Par Carolina Lima | Publié le 17 février 2026 | 3 min de lecture
En tant que professionnels de santé, la plupart d’entre nous
seront, à un moment de leur carrière, confrontés à l’une des situations les
plus dévastatrices qui soient : l’annonce d’un cancer pédiatrique avancé.
Comprendre comment les familles vivent les discussions
pronostiques est essentiel. L’étude intitulée « We’re going to get through this
together » offre un éclairage précieux sur la manière dont les patients, les
parents et les oncologues eux-mêmes perçoivent le soutien émotionnel lors de
ces échanges.
L’étude repose sur des entretiens menés auprès de 25
patients (âgés de 12 à 25 ans), 40 parents et 20 oncologues, tous revenant sur
leur expérience de discussions autour d’un pronostic défavorable.
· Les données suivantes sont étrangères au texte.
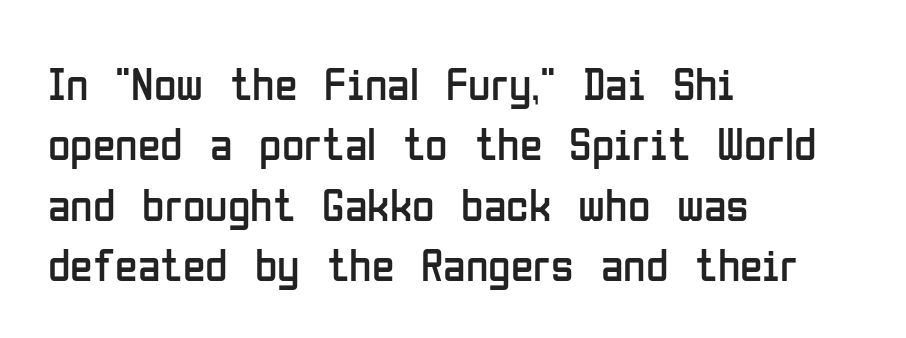
This rendering leaves character spacing at its baseline value. Whoever set this chose a conventional vertical rhythm. The ragged edge is on the right, which tells us the setting is flush left. You could not count columns in this text — the font is proportionally spaced.

Quatre thèmes
majeurs se dégagent clairement :
- fournir
une information fiable,
- prendre
le temps et créer un espace,
- valider
les émotions,
- préserver
un niveau d’espoir approprié.
1. Une information fiable
Les familles ont souligné un point simple : lorsque la
situation est accablante, la clarté devient en elle-même une forme de soutien
émotionnel. Les parents ont insisté sur la nécessité d’une communication
honnête et directe, même lorsque la vérité est douloureuse.
Comme l’a exprimé un parent :
« Soyez direct, soyez honnête… donnez aux parents tous les faits pour qu’ils
puissent prendre les meilleures décisions. » (Parent, cohorte 2)
Les cliniciens ont également reconnu l’importance de rester
disponibles pour un suivi. Certaines familles ont mentionné que pouvoir
recontacter le médecin par e-mail ou par téléphone apportait un réconfort à la
fois pratique et émotionnel, au moment d’intégrer les nouvelles informations.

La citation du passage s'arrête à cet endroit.